Data items:
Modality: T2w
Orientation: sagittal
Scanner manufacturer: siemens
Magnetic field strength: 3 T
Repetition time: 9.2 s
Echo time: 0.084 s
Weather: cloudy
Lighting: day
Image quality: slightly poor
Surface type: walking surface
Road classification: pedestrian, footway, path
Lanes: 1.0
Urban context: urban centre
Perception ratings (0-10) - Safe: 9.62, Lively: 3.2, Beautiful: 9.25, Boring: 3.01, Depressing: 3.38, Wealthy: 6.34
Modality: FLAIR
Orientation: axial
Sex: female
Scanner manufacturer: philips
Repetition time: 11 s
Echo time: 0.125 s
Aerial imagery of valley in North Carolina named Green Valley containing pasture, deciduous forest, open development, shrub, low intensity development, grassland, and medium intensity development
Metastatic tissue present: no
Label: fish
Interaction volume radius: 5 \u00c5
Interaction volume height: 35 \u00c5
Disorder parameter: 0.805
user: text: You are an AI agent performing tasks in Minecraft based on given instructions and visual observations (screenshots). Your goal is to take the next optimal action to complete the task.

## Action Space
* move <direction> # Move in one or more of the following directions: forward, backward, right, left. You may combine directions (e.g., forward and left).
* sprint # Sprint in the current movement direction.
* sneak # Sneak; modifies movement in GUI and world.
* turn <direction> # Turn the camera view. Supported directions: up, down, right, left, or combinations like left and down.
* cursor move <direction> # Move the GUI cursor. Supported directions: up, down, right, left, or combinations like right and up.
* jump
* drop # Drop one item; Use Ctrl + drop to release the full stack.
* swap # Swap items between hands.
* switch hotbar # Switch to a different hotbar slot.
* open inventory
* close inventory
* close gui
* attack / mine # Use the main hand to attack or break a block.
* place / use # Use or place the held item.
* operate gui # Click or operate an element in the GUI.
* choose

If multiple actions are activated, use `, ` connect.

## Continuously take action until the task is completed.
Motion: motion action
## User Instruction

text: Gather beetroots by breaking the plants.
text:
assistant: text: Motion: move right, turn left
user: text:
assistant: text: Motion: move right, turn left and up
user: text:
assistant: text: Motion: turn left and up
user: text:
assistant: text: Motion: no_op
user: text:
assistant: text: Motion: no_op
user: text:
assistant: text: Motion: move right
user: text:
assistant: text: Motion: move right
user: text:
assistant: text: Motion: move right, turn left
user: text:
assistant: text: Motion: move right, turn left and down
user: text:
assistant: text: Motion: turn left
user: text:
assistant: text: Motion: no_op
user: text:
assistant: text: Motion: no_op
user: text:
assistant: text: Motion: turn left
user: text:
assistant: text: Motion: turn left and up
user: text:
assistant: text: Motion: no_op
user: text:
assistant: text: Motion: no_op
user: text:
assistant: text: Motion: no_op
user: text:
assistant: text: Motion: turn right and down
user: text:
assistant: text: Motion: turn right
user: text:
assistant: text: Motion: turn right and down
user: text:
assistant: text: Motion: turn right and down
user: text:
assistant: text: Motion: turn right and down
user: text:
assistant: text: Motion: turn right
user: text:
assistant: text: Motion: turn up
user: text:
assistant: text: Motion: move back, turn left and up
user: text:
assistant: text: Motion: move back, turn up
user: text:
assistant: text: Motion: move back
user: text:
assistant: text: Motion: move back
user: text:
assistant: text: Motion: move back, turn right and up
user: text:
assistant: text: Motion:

EXERCISE DIRECTIONS: Restate the entries above word for word.

ANSWER BOX:
Modality: T2w
Orientation: sagittal
Scanner manufacturer: siemens
Magnetic field strength: 3 T
Repetition time: 9.2 s
Echo time: 0.084 s
Weather: cloudy
Lighting: day
Image quality: slightly poor
Surface type: walking surface
Road classification: pedestrian, footway, path
Lanes: 1.0
Urban context: urban centre
Perception ratings (0-10) - Safe: 9.62, Lively: 3.2, Beautiful: 9.25, Boring: 3.01, Depressing: 3.38, Wealthy: 6.34
Modality: FLAIR
Orientation: axial
Sex: female
Scanner manufacturer: philips
Repetition time: 11 s
Echo time: 0.125 s
Aerial imagery of valley in North Carolina named Green Valley containing pasture, deciduous forest, open development, shrub, low intensity development, grassland, and medium intensity development
Metastatic tissue present: no
Label: fish
Interaction volume radius: 5 \u00c5
Interaction volume height: 35 \u00c5
Disorder parameter: 0.805
user: text: You are an AI agent performing tasks in Minecraft based on given instructions and visual observations (screenshots). Your goal is to take the next optimal action to complete the task.

## Action Space
* move <direction> # Move in one or more of the following directions: forward, backward, right, left. You may combine directions (e.g., forward and left).
* sprint # Sprint in the current movement direction.
* sneak # Sneak; modifies movement in GUI and world.
* turn <direction> # Turn the camera view. Supported directions: up, down, right, left, or combinations like left and down.
* cursor move <direction> # Move the GUI cursor. Supported directions: up, down, right, left, or combinations like right and up.
* jump
* drop # Drop one item; Use Ctrl + drop to release the full stack.
* swap # Swap items between hands.
* switch hotbar # Switch to a different hotbar slot.
* open inventory
* close inventory
* close gui
* attack / mine # Use the main hand to attack or break a block.
* place / use # Use or place the held item.
* operate gui # Click or operate an element in the GUI.
* choose

If multiple actions are activated, use `, ` connect.

## Continuously take action until the task is completed.
Motion: motion action
## User Instruction

text: Gather beetroots by breaking the plants.
text:
assistant: text: Motion: move right, turn left
user: text:
assistant: text: Motion: move right, turn left and up
user: text:
assistant: text: Motion: turn left and up
user: text:
assistant: text: Motion: no_op
user: text:
assistant: text: Motion: no_op
user: text:
assistant: text: Motion: move right
user: text:
assistant: text: Motion: move right
user: text:
assistant: text: Motion: move right, turn left
user: text:
assistant: text: Motion: move right, turn left and down
user: text:
assistant: text: Motion: turn left
user: text:
assistant: text: Motion: no_op
user: text:
assistant: text: Motion: no_op
user: text:
assistant: text: Motion: turn left
user: text:
assistant: text: Motion: turn left and up
user: text:
assistant: text: Motion: no_op
user: text:
assistant: text: Motion: no_op
user: text:
assistant: text: Motion: no_op
user: text:
assistant: text: Motion: turn right and down
user: text:
assistant: text: Motion: turn right
user: text:
assistant: text: Motion: turn right and down
user: text:
assistant: text: Motion: turn right and down
user: text:
assistant: text: Motion: turn right and down
user: text:
assistant: text: Motion: turn right
user: text:
assistant: text: Motion: turn up
user: text:
assistant: text: Motion: move back, turn left and up
user: text:
assistant: text: Motion: move back, turn up
user: text:
assistant: text: Motion: move back
user: text:
assistant: text: Motion: move back
user: text:
assistant: text: Motion: move back, turn right and up
user: text:
assistant: text: Motion:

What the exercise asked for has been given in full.